Sorry for the silence. I was away for a couple of days in Bimini, celebrating Hemingway's 111th birthday with John Hemingway (and about thirty other media folks and assorted others who had come for the reopening of the Bimini Big Game Club). And Monday I'm off to Trinidad & Tobago for a week.
But between trips I wanted to mention that I just got back from Marando Farms (on a tip from Risa whom I met in Bimini). It is a farmers' market on SW 1st Avenue (a little south of Davie Blvd.) that makes you feel as if you're in Lancaster County - or at least the Redlands. (It's been open nearly a year, 10 blocks from my condo, and I had to go to the Bahamas to hear about it. The benefits of travel.)
There are farm fresh eggs from Homestead and mangoes off of neighborhood trees. There are ruby red grapefruits, organic arugula, not-quite-Beefsteak tomatoes, fat leeks, goat cheese, okra, homemade soups in a fridge. Everybody is friendly - what is it about farmers' markets and a neighborly spirit? - as is the Golden Retriever Gucci who greets every customer.

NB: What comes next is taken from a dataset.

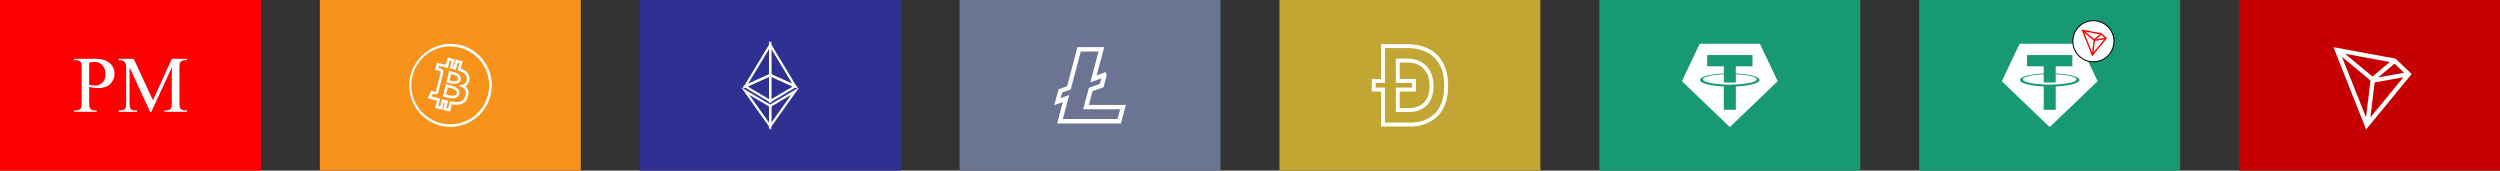 <svg xmlns="http://www.w3.org/2000/svg" viewBox="0 0 2491.21 170"><rect x="0" y="0" width="2491.21" height="170" fill="#333333" stroke="none"/><defs><style>.cls-1{fill:red;}.cls-10,.cls-2{fill:#fff;}.cls-3{fill:#f7931a;}.cls-4{fill:#2e3192;}.cls-5{fill:#c60000;}.cls-6{fill:#6c7493;}.cls-7{fill:none;}.cls-8{fill:#c2a633;}.cls-9{fill:#179a74;}.cls-10{stroke:#000;stroke-miterlimit:10;}</style></defs><g id="Layer_2" data-name="Layer 2"><g id="Layer_1-2" data-name="Layer 1"><rect class="cls-1" width="260" height="170"/><path class="cls-2" d="M88.85,86.68v15.4q0,5,1.09,6.2A5.61,5.61,0,0,0,94.42,110h2v1.44H73.8V110h2q3.34,0,4.79-2.18.78-1.22.78-5.73V67.92q0-5-1-6.2A5.73,5.73,0,0,0,75.79,60h-2V58.57H93.18A34.21,34.21,0,0,1,104.37,60a15.48,15.48,0,0,1,6.9,4.93,12.68,12.68,0,0,1,2.8,8.23,13.84,13.84,0,0,1-4.27,10.52q-4.26,4.07-12.06,4.06a34.55,34.55,0,0,1-4.14-.27C92.12,87.31,90.54,87,88.85,86.68Zm0-2.23c1.38.26,2.6.46,3.66.59a23.06,23.06,0,0,0,2.73.19,9.26,9.26,0,0,0,7-3.13A11.44,11.44,0,0,0,105.18,74a14.56,14.56,0,0,0-1.4-6.38,9.67,9.67,0,0,0-4-4.4A11.54,11.54,0,0,0,94,61.72a23.29,23.29,0,0,0-5.11.74Z"/><path class="cls-2" d="M149.55,111.43,129.12,67v35.32q0,4.88,1.06,6.08a5.74,5.74,0,0,0,4.56,1.64h1.87v1.44h-18.4V110h1.87c2.23,0,3.82-.67,4.75-2,.58-.83.86-2.73.86-5.69V67.73a12.08,12.08,0,0,0-.78-5.07,4.32,4.32,0,0,0-2-1.89,10.69,10.69,0,0,0-4.69-.76V58.57h15l19.18,41.36,18.87-41.36h15V60h-1.83c-2.26,0-3.86.67-4.8,2q-.85,1.24-.85,5.69v34.54q0,4.88,1.09,6.08a5.74,5.74,0,0,0,4.56,1.64h1.83v1.44H163.74V110h1.88c2.26,0,3.84-.67,4.75-2q.85-1.24.86-5.69V67l-20.39,44.48Z"/><rect class="cls-3" x="318.74" width="260" height="170"/><path class="cls-2" d="M451,98a31.17,31.17,0,0,1-7.6-1.28l-2.15-.54,3.07-12.3,2.37.57c3.16.71,8.44,1.9,10.45,5.14a5.23,5.23,0,0,1,.59,4.16A5,5,0,0,1,455.29,97,8.48,8.48,0,0,1,451,98Zm-6.47-3.78c2.56.67,7.2,1.79,9.43.47a2.41,2.41,0,0,0,1.15-1.59,2.58,2.58,0,0,0-.27-2.09c-1.37-2.21-6.09-3.33-8.54-3.88Z"/><path class="cls-2" d="M452.92,83.58a24.83,24.83,0,0,1-6.19-1l-2-.51,2.84-11.39,2.19.52c2.61.58,7,1.55,8.73,4.39a5,5,0,0,1,.56,4,4.88,4.88,0,0,1-2.29,3.15A7.45,7.45,0,0,1,452.92,83.58ZM448,80.07c2.09.55,5.6,1.35,7.38.3a2.25,2.25,0,0,0,1.05-1.48,2.39,2.39,0,0,0-.24-1.93c-1.09-1.76-4.53-2.61-6.64-3.08Z"/><path class="cls-2" d="M448.82,126.41a41.91,41.91,0,0,1-10.09-1.24,41.4,41.4,0,0,1,20-80.34h0a41.41,41.41,0,0,1-9.94,81.58Zm-.14-80.12a38.77,38.77,0,1,0,9.43,1.17A39,39,0,0,0,448.68,46.29Zm-.18,65-7-1.75,1.8-7.19-.89-.23-1.79,7.2-7-1.75,1.82-7.31L426.32,98l3.28-7.56,1.12.29s1.32.36,2.23.59v0l.93.23c.24,0,.31.07.44-.24l2.5-10.07h0l2.37-9.53c0-.32-.16-.69-1.06-.92l-.89-.25c-.9-.22-2.28-.53-2.28-.53l-1.34-.31,1.83-7.34,8.59,2.14h0l.27.07,1.8-7.24,7,1.74-1.76,7.06.89.2,1.75-7L461,61l-1.83,7.35c3.34,1.25,9.57,4.26,8.54,11.16h0a8.65,8.65,0,0,1-4,6.55c3.19,2.61,4,6.23,2.39,10.81-2.72,7.79-9.35,8.09-15.77,7Zm-3.74-3.72,1.77.45,1.8-7.22,1.26.24c8.23,1.56,12.15.14,14-5.05,1.51-4.3.49-7-3.39-9l-3.24-1.69,3.56-.83c2.68-.62,4.14-2.31,4.58-5.33h0c.58-3.88-1.86-6.54-7.91-8.62L456,70.06,457.76,63,456,62.51l-1.75,7-1.31-.33c-1.15-.28-2.33-.55-3.5-.82l-1.34-.3L449.86,61l-1.77-.44-1.79,7.19L445,67.44c-1-.22-1.92-.44-2.84-.67l-1.22-.3v0l-3.52-.87-.51,2c.9.21,1.5.36,1.91.5a3.69,3.69,0,0,1,3,3.93l-2.08,8.48-.76-.19v0l.76.19-2.88,11.52a3,3,0,0,1-3.64,2h0c-.46-.07-1.12-.24-2.1-.49l-1.08,2.5,8.61,2.18-1.82,7.3,1.77.44,1.81-7.26,1.33.36c1.19.33,2.34.63,3.48.91l1.3.33Z"/><rect class="cls-4" x="637.49" width="260" height="170"/><path class="cls-2" d="M766.36,129.31V104.84l30-17.72Zm2.26-23.18v16.1l19.76-27.76Z"/><path class="cls-2" d="M766.36,102.78V73l28.47,12.94Zm2.26-26.26V98.81L789.94,86.2Z"/><path class="cls-2" d="M795.24,88.6,766.36,75.49V40.69ZM768.62,74l20.92,9.5-20.92-34.7Z"/><path class="cls-2" d="M768.62,129.31l-30-42.19,30,17.72Zm-22-34.84,19.76,27.76v-16.1Z"/><path class="cls-2" d="M768.62,102.78,740.15,85.94,768.62,73ZM745,86.2l21.32,12.61V76.52Z"/><path class="cls-2" d="M739.74,88.6l28.88-47.91v34.8Zm26.62-39.77-20.92,34.7L766.36,74Z"/><rect class="cls-5" x="2231.21" width="260" height="170"/><path class="cls-2" d="M2387.14,58.42,2325.25,47,2357.81,129l45.36-55.24Zm-1,5.06,9.47,9-25.87,4.69Zm-22,12.75L2336.82,53.6l44.58,8.19Zm-2,4L2357.72,117l-24-60.38Zm4.14,1.91L2394.93,77,2362.05,117Z"/><rect class="cls-6" x="956.23" width="260" height="170"/><polygon class="cls-7" points="1085.05 87.56 1096.07 83.53 1097.53 78.06 1086.5 82.08 1094.66 51.35 1077.01 51.35 1066.92 89.23 1058.4 92.35 1056.94 97.82 1065.47 94.71 1059.11 118.65 1113.58 118.65 1116.19 108.92 1079.38 108.92 1085.05 87.56"/><path class="cls-2" d="M1088.69,90.88l11-4,3-11.4.08-.92-1-2.69-9,3.27L1100.34,47h-26.68L1063.3,85.91,1054.77,89l-4.19,15.76,8.53-3.11L1053.43,123h63.5l5-18.45h-36.83Zm27.5,18-2.61,9.73h-54.47l6.36-23.94-8.53,3.11,1.46-5.47,8.52-3.12L1077,51.35h17.65l-8.16,30.73,11-4-1.46,5.47-11,4-5.67,21.36Z"/><rect class="cls-8" x="1274.98" width="260" height="170"/><path class="cls-7" d="M1401,47.87h-20.92V82.66h-9.23v4.61h9.23v34.8h24.38c.14,0,14.42,1.05,24.47-8.23,6.76-6.24,10.19-15.74,10.19-28.22,0-12.2-3.25-21.62-9.66-28S1413.35,47.8,1401,47.87ZM1421.78,105a24.38,24.38,0,0,1-18,6.58h-12.93V87.28h16.24V82.66h-16.24V58.4h12.28c2.58,0,25.23.76,25.27,27.5C1428.44,94.11,1426.21,100.52,1421.78,105Z"/><path class="cls-7" d="M1403.17,62.31h-8.37V78.75H1411V91.19H1394.8v16.44h8.92a20.67,20.67,0,0,0,15.29-5.44c3.67-3.67,5.53-9.15,5.52-16.29C1424.5,63.45,1406.73,62.31,1403.17,62.31Z"/><path class="cls-2" d="M1403.17,58.4h-12.28V82.66h16.24v4.62h-16.24v24.26h12.93a24.38,24.38,0,0,0,18-6.58c4.43-4.44,6.66-10.85,6.66-19.06C1428.4,59.16,1405.75,58.4,1403.17,58.4ZM1419,102.19a20.67,20.67,0,0,1-15.29,5.44h-8.92V91.19H1411V78.75H1394.8V62.31h8.37c3.56,0,21.33,1.14,21.36,23.59C1424.54,93,1422.68,98.52,1419,102.19Z"/><polygon class="cls-2" points="1406.06 126.04 1406.06 126.04 1406.05 126.04 1406.06 126.04"/><path class="cls-2" d="M1401,44h-24.82V78.75h-9.22V91.19h9.22V126h28c.25,0,.9.06,1.86.06a38.51,38.51,0,0,0,25.48-9.29c7.62-7,11.49-17.48,11.49-31.12,0-13.28-3.64-23.64-10.81-30.77C1424.9,47.57,1414.42,44,1401,44Zm27.94,69.88c-10.05,9.28-24.33,8.25-24.47,8.23h-24.38V87.27h-9.23V82.66h9.23V47.87H1401c12.38-.07,21.92,3.23,28.47,9.75s9.66,15.8,9.66,28C1439.1,98.1,1435.67,107.6,1428.91,113.84Z"/><rect class="cls-9" x="1593.72" width="260" height="170"/><polygon class="cls-2" points="1729.74 73.2 1729.74 73.2 1729.74 73.2 1729.74 73.2"/><path class="cls-2" d="M1729.73,74v8.1c-.33,0-2.19.19-5.89.19-3.08,0-5.31-.13-6.09-.19V74c-11.92.53-20.81,2.6-20.81,5.08s8.89,4.56,20.81,5.09c.77,0,3,.12,6,.12,3.88,0,5.62-.1,6-.12h0c11.89-.52,20.77-2.6,20.77-5.08S1741.62,74.57,1729.73,74Z"/><path class="cls-2" d="M1771.22,80.47,1753.87,44a.69.69,0,0,0-.64-.41h-59a.69.69,0,0,0-.65.4l-17.35,36.44a.73.73,0,0,0,.15.83l46.86,44.89a.71.71,0,0,0,1,0l46.85-44.89A.7.7,0,0,0,1771.22,80.47Zm-41.48,5.71v23.24h-12V86.18c-13.49-.62-23.63-3.29-23.63-6.49s10.14-5.87,23.63-6.49V66h-16.59V54.89h45.18V66h-16.6V73.2c13.46.62,23.58,3.29,23.58,6.49S1743.19,85.56,1729.74,86.18Z"/><rect class="cls-9" x="1912.47" width="260" height="170"/><polygon class="cls-2" points="2048.49 73.2 2048.49 73.2 2048.48 73.2 2048.49 73.2"/><path class="cls-2" d="M2048.47,74v8.1c-.33,0-2.18.19-5.88.19-3.08,0-5.32-.13-6.1-.19V74c-11.91.53-20.8,2.6-20.8,5.08s8.89,4.56,20.8,5.09c.77,0,3,.12,6,.12,3.87,0,5.61-.1,5.95-.12h0c11.9-.52,20.77-2.6,20.77-5.08S2060.37,74.57,2048.47,74Z"/><path class="cls-2" d="M2090,80.47,2072.62,44a.72.72,0,0,0-.64-.41h-59a.67.67,0,0,0-.64.4L1995,80.46a.7.7,0,0,0,.15.83L2042,126.18a.71.71,0,0,0,1,0l46.85-44.89A.71.71,0,0,0,2090,80.47Zm-41.49,5.71v23.24h-12V86.18c-13.48-.62-23.62-3.29-23.62-6.49s10.14-5.87,23.62-6.49V66H2019.9V54.89h45.18V66h-16.59V73.2c13.46.62,23.57,3.29,23.57,6.49S2061.94,85.56,2048.48,86.18Z"/><circle class="cls-10" cx="2086.04" cy="41.1" r="20.5"/><path class="cls-1" d="M2094.31,33.12l-20.12-3.7,10.59,26.64,14.74-18Zm-.32,1.65,3.08,2.93-8.41,1.53Zm-7.17,4.14L2078,31.55l14.5,2.67Zm-.64,1.31-1.43,12-7.81-19.64Zm1.35.62,9.31-1.69-10.69,13Z"/></g></g></svg>

Inside, there are jams and honeys and baked goods, including organic pizza - I got a delicious slice for lunch - and vegan and gluten-free cookies. There are also two lovely rabbits, one with ears going in different directions who doesn't object to people scratching his nose. Outside are two Vietnamese pot-bellied pigs who have a definite fondness for peaches.
I'm glad I went to Bimini.
Watching TV often makes me grumpy. “Dramas” with actors who look like actors (as opposed to the doctors and detectives they’re supposedly playing). Emcees applauding their own appearance on stage. Charlie Rose awestruck in the presence of Penelope Cruz, lobbing her softballs and then saying “less movies,” as if the interview were being conducted in his second language.
But reading a newspaper I almost always find something to cheer me. Sunday it was the sports section of the New York Times, which ran the headline: “Querrey Rebounds From a Scary Fall to Resume His Steady Climb.” The two opposite and single-syllabled nouns fronted by two-syllabled and nearly rhymed adjectives practically made my day.
I have never desired Carl Kasell's voice on my home answering machine (Hania does a lovely job with hers), but I do like listening to the NPR news quiz show "Wait Wait ... Don't Tell Me!" The questions tend to be fairly easy, but the panelists are usually funny and irreverent.
Usually. This past Saturday, the celebrity guest was Pete Carroll, the new coach of the Seattle Seahawks and the former coach of the University of Southern California Trojans. USC was recently penalized by the NCAA for a number of violations, mostly in its football program. Carroll is believed by many to have taken the job in Seattle so he could avoid the mess at USC. He has claimed that he knew nothing about the violations.
The always affable Peter Sagal refrained from bringing up this matter during his interview with Carroll - perhaps forgetting that he is the host of a "news quiz show." It is also a humor show. And none of the normally astute panelists noted that the coach now under suspicion for turning a blind eye was on the segment of the show called "Not My Job."
When I tell people what I do for a living, the reaction is almost always the same, some variation on: "What a great job! I would love to be a travel writer."
I used to try to explain, after my initial agreement, that it's not like they think, that I'm not on vacation, enjoying the sights; I'm trying (sometimes futilely) to meet interesting people, learn new things, find a compelling story.
But I've stopped doing that. Now I look at the person with interest and ask: "Really? What was the last travel book you read?"
I had lunch the other day with a woman who works for one of the local Convention and Visitor Bureaus. She said she's been especially busy this summer because of the oil spill.
I expressed surprise, noting that the oil hasn't come close to us. But she said that people hear it's in Florida and they stay away. They don't realize that South Florida is 500 miles from Pensacola, and that it faces the ocean instead of the gulf.
Geography: Not just a subject in school, but a tool for vacation.
Leaving the post office yesterday, I stopped into the old newsstand. The new owner had gotten rid of many of the out-of-town and foreign newspapers - the things that you can read online and that give a newsstand class. But he'd added books, including a section devoted to local authors.
Neither of my two books was there. True, I don't write very often about South Florida, and when I do, I do so critically. But not as critically as people who litter the landscape with corpses. I guess portraying South Florida as a playground for killers is acceptable because it's fiction, while my digs at the place as a cultural wasteland are not (fiction or acceptable). Or perhaps, because they're nonfiction, they're simply unread.
I asked the owner how business was. He said there was a problem because many of his customers saw the store as a place to buy their lottery tickets. He had tried to get them interested in books, but without success.
No, what I write is definitely not fiction.